Data entries:
___

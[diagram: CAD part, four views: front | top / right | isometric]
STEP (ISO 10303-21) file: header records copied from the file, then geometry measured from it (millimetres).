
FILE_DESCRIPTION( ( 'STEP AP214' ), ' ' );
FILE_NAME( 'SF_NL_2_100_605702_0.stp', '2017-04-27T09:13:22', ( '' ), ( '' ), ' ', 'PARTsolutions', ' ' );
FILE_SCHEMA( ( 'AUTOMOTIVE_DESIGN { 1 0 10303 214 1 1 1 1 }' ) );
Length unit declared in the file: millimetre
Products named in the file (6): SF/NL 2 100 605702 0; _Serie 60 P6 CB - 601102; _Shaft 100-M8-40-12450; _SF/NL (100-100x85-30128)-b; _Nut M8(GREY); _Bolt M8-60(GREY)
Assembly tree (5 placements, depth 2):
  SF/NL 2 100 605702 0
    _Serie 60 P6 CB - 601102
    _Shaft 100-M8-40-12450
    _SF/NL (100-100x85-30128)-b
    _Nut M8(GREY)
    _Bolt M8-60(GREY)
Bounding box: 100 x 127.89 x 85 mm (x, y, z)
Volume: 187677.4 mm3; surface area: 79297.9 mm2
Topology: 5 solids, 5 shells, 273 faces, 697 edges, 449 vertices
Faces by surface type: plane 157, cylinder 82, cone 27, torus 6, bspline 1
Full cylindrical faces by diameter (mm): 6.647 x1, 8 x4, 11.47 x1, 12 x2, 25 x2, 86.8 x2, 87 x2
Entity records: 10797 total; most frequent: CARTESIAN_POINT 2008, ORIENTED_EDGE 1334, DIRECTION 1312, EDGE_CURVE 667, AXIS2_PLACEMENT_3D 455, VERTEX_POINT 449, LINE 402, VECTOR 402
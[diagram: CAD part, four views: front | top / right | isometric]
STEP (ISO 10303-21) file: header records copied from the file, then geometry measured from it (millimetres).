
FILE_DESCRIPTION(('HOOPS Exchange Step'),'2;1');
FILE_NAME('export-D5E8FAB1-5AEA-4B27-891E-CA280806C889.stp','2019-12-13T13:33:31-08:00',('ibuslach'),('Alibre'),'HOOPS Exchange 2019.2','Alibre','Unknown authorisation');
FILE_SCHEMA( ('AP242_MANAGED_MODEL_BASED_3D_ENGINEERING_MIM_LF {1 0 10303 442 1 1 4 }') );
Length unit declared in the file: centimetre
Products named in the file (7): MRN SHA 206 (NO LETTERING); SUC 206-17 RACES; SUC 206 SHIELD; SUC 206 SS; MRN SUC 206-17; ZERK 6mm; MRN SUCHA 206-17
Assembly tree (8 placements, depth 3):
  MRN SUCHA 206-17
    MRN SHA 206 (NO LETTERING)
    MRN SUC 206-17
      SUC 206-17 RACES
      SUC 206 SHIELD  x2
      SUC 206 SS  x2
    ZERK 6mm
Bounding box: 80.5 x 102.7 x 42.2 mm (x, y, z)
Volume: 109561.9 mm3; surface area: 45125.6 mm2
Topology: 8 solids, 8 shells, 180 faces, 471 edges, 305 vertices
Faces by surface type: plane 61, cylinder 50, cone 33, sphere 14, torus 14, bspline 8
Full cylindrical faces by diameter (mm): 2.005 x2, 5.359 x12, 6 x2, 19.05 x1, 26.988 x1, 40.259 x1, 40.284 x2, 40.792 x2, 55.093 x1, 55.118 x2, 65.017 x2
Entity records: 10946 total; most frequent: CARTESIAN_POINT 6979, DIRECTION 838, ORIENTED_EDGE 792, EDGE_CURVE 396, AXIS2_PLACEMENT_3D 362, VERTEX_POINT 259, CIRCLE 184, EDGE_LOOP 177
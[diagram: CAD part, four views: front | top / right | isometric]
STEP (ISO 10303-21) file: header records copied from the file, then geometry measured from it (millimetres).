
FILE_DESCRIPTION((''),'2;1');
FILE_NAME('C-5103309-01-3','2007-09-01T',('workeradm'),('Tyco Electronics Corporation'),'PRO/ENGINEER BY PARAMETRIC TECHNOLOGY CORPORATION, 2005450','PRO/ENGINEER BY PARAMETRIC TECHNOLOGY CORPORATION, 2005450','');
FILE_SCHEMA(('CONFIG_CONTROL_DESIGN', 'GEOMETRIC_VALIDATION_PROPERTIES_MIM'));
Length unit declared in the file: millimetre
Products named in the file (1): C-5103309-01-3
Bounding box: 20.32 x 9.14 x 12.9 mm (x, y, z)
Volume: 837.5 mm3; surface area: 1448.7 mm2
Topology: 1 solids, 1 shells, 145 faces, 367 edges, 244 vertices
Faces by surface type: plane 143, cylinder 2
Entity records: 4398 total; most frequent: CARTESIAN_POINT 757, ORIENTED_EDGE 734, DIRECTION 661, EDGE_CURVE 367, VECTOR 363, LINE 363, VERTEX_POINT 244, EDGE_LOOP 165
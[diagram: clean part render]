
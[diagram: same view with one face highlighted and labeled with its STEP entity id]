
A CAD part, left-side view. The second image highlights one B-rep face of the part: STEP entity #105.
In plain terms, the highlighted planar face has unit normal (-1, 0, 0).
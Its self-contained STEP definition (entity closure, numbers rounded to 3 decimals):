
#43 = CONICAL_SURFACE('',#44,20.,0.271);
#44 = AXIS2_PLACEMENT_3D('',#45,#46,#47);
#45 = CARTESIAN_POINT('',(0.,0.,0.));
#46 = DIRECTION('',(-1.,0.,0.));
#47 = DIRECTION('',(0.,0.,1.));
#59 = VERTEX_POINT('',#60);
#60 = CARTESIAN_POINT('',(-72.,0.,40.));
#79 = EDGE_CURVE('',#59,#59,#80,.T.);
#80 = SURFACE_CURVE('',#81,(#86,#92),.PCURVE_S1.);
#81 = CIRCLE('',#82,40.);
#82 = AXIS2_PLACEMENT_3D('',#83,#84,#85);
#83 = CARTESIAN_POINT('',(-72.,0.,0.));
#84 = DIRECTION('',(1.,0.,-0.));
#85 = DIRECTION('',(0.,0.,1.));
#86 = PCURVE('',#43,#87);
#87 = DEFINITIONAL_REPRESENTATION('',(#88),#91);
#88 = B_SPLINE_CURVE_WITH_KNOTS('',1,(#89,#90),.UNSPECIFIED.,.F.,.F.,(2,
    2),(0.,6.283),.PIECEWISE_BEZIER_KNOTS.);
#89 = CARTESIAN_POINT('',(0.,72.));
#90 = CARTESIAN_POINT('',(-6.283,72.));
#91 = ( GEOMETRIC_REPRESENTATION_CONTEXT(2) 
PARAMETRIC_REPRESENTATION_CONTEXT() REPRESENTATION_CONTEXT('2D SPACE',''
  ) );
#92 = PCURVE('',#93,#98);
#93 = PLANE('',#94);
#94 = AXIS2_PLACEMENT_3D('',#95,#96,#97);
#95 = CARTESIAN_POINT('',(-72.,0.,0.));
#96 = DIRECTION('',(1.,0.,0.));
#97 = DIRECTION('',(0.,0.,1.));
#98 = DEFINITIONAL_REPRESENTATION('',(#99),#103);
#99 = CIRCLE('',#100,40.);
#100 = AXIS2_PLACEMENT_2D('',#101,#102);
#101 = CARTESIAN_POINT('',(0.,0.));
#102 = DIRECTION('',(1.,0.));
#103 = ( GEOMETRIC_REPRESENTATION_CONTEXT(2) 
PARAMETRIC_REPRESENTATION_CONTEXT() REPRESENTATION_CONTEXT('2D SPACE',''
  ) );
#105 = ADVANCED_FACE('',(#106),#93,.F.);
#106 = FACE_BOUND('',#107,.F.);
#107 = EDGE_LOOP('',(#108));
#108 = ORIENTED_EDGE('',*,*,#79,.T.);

___

| YOUR TASK |
Your output must be an exact copy of every entry.

| TASK RESPONSE |
[diagram: CAD part, four views: front | top / right | isometric]
STEP (ISO 10303-21) file: header records copied from the file, then geometry measured from it (millimetres).
FILE_DESCRIPTION( ( 'STEP AP214' ), ' ' );
FILE_NAME( 'SF_NL_2_100_605702_0.stp', '2017-04-27T09:13:22', ( '' ), ( '' ), ' ', 'PARTsolutions', ' ' );
FILE_SCHEMA( ( 'AUTOMOTIVE_DESIGN { 1 0 10303 214 1 1 1 1 }' ) );
Length unit declared in the file: millimetre
Products named in the file (6): SF/NL 2 100 605702 0; _Serie 60 P6 CB - 601102; _Shaft 100-M8-40-12450; _SF/NL (100-100x85-30128)-b; _Nut M8(GREY); _Bolt M8-60(GREY)
Assembly tree (5 placements, depth 2):
  SF/NL 2 100 605702 0
    _Serie 60 P6 CB - 601102
    _Shaft 100-M8-40-12450
    _SF/NL (100-100x85-30128)-b
    _Nut M8(GREY)
    _Bolt M8-60(GREY)
Bounding box: 100 x 127.89 x 85 mm (x, y, z)
Volume: 187677.4 mm3; surface area: 79297.9 mm2
Topology: 5 solids, 5 shells, 273 faces, 697 edges, 449 vertices
Faces by surface type: plane 157, cylinder 82, cone 27, torus 6, bspline 1
Full cylindrical faces by diameter (mm): 6.647 x1, 8 x4, 11.47 x1, 12 x2, 25 x2, 86.8 x2, 87 x2
Entity records: 10797 total; most frequent: CARTESIAN_POINT 2008, ORIENTED_EDGE 1334, DIRECTION 1312, EDGE_CURVE 667, AXIS2_PLACEMENT_3D 455, VERTEX_POINT 449, LINE 402, VECTOR 402
[diagram: CAD part, four views: front | top / right | isometric]
STEP (ISO 10303-21) file: header records copied from the file, then geometry measured from it (millimetres).
FILE_DESCRIPTION(('HOOPS Exchange Step'),'2;1');
FILE_NAME('export-D5E8FAB1-5AEA-4B27-891E-CA280806C889.stp','2019-12-13T13:33:31-08:00',('ibuslach'),('Alibre'),'HOOPS Exchange 2019.2','Alibre','Unknown authorisation');
FILE_SCHEMA( ('AP242_MANAGED_MODEL_BASED_3D_ENGINEERING_MIM_LF {1 0 10303 442 1 1 4 }') );
Length unit declared in the file: centimetre
Products named in the file (7): MRN SHA 206 (NO LETTERING); SUC 206-17 RACES; SUC 206 SHIELD; SUC 206 SS; MRN SUC 206-17; ZERK 6mm; MRN SUCHA 206-17
Assembly tree (8 placements, depth 3):
  MRN SUCHA 206-17
    MRN SHA 206 (NO LETTERING)
    MRN SUC 206-17
      SUC 206-17 RACES
      SUC 206 SHIELD  x2
      SUC 206 SS  x2
    ZERK 6mm
Bounding box: 80.5 x 102.7 x 42.2 mm (x, y, z)
Volume: 109561.9 mm3; surface area: 45125.6 mm2
Topology: 8 solids, 8 shells, 180 faces, 471 edges, 305 vertices
Faces by surface type: plane 61, cylinder 50, cone 33, sphere 14, torus 14, bspline 8
Full cylindrical faces by diameter (mm): 2.005 x2, 5.359 x12, 6 x2, 19.05 x1, 26.988 x1, 40.259 x1, 40.284 x2, 40.792 x2, 55.093 x1, 55.118 x2, 65.017 x2
Entity records: 10946 total; most frequent: CARTESIAN_POINT 6979, DIRECTION 838, ORIENTED_EDGE 792, EDGE_CURVE 396, AXIS2_PLACEMENT_3D 362, VERTEX_POINT 259, CIRCLE 184, EDGE_LOOP 177
[diagram: CAD part, four views: front | top / right | isometric]
STEP (ISO 10303-21) file: header records copied from the file, then geometry measured from it (millimetres).
FILE_DESCRIPTION((''),'2;1');
FILE_NAME('C-5103309-01-3','2007-09-01T',('workeradm'),('Tyco Electronics Corporation'),'PRO/ENGINEER BY PARAMETRIC TECHNOLOGY CORPORATION, 2005450','PRO/ENGINEER BY PARAMETRIC TECHNOLOGY CORPORATION, 2005450','');
FILE_SCHEMA(('CONFIG_CONTROL_DESIGN', 'GEOMETRIC_VALIDATION_PROPERTIES_MIM'));
Length unit declared in the file: millimetre
Products named in the file (1): C-5103309-01-3
Bounding box: 20.32 x 9.14 x 12.9 mm (x, y, z)
Volume: 837.5 mm3; surface area: 1448.7 mm2
Topology: 1 solids, 1 shells, 145 faces, 367 edges, 244 vertices
Faces by surface type: plane 143, cylinder 2
Entity records: 4398 total; most frequent: CARTESIAN_POINT 757, ORIENTED_EDGE 734, DIRECTION 661, EDGE_CURVE 367, VECTOR 363, LINE 363, VERTEX_POINT 244, EDGE_LOOP 165
[diagram: clean part render]
[diagram: same view with one face highlighted and labeled with its STEP entity id]
A CAD part, left-side view. The second image highlights one B-rep face of the part: STEP entity #105.
In plain terms, the highlighted planar face has unit normal (-1, 0, 0).
Its self-contained STEP definition (entity closure, numbers rounded to 3 decimals):
#43 = CONICAL_SURFACE('',#44,20.,0.271);
#44 = AXIS2_PLACEMENT_3D('',#45,#46,#47);
#45 = CARTESIAN_POINT('',(0.,0.,0.));
#46 = DIRECTION('',(-1.,0.,0.));
#47 = DIRECTION('',(0.,0.,1.));
#59 = VERTEX_POINT('',#60);
#60 = CARTESIAN_POINT('',(-72.,0.,40.));
#79 = EDGE_CURVE('',#59,#59,#80,.T.);
#80 = SURFACE_CURVE('',#81,(#86,#92),.PCURVE_S1.);
#81 = CIRCLE('',#82,40.);
#82 = AXIS2_PLACEMENT_3D('',#83,#84,#85);
#83 = CARTESIAN_POINT('',(-72.,0.,0.));
#84 = DIRECTION('',(1.,0.,-0.));
#85 = DIRECTION('',(0.,0.,1.));
#86 = PCURVE('',#43,#87);
#87 = DEFINITIONAL_REPRESENTATION('',(#88),#91);
#88 = B_SPLINE_CURVE_WITH_KNOTS('',1,(#89,#90),.UNSPECIFIED.,.F.,.F.,(2,
    2),(0.,6.283),.PIECEWISE_BEZIER_KNOTS.);
#89 = CARTESIAN_POINT('',(0.,72.));
#90 = CARTESIAN_POINT('',(-6.283,72.));
#91 = ( GEOMETRIC_REPRESENTATION_CONTEXT(2) 
PARAMETRIC_REPRESENTATION_CONTEXT() REPRESENTATION_CONTEXT('2D SPACE',''
  ) );
#92 = PCURVE('',#93,#98);
#93 = PLANE('',#94);
#94 = AXIS2_PLACEMENT_3D('',#95,#96,#97);
#95 = CARTESIAN_POINT('',(-72.,0.,0.));
#96 = DIRECTION('',(1.,0.,0.));
#97 = DIRECTION('',(0.,0.,1.));
#98 = DEFINITIONAL_REPRESENTATION('',(#99),#103);
#99 = CIRCLE('',#100,40.);
#100 = AXIS2_PLACEMENT_2D('',#101,#102);
#101 = CARTESIAN_POINT('',(0.,0.));
#102 = DIRECTION('',(1.,0.));
#103 = ( GEOMETRIC_REPRESENTATION_CONTEXT(2) 
PARAMETRIC_REPRESENTATION_CONTEXT() REPRESENTATION_CONTEXT('2D SPACE',''
  ) );
#105 = ADVANCED_FACE('',(#106),#93,.F.);
#106 = FACE_BOUND('',#107,.F.);
#107 = EDGE_LOOP('',(#108));
#108 = ORIENTED_EDGE('',*,*,#79,.T.);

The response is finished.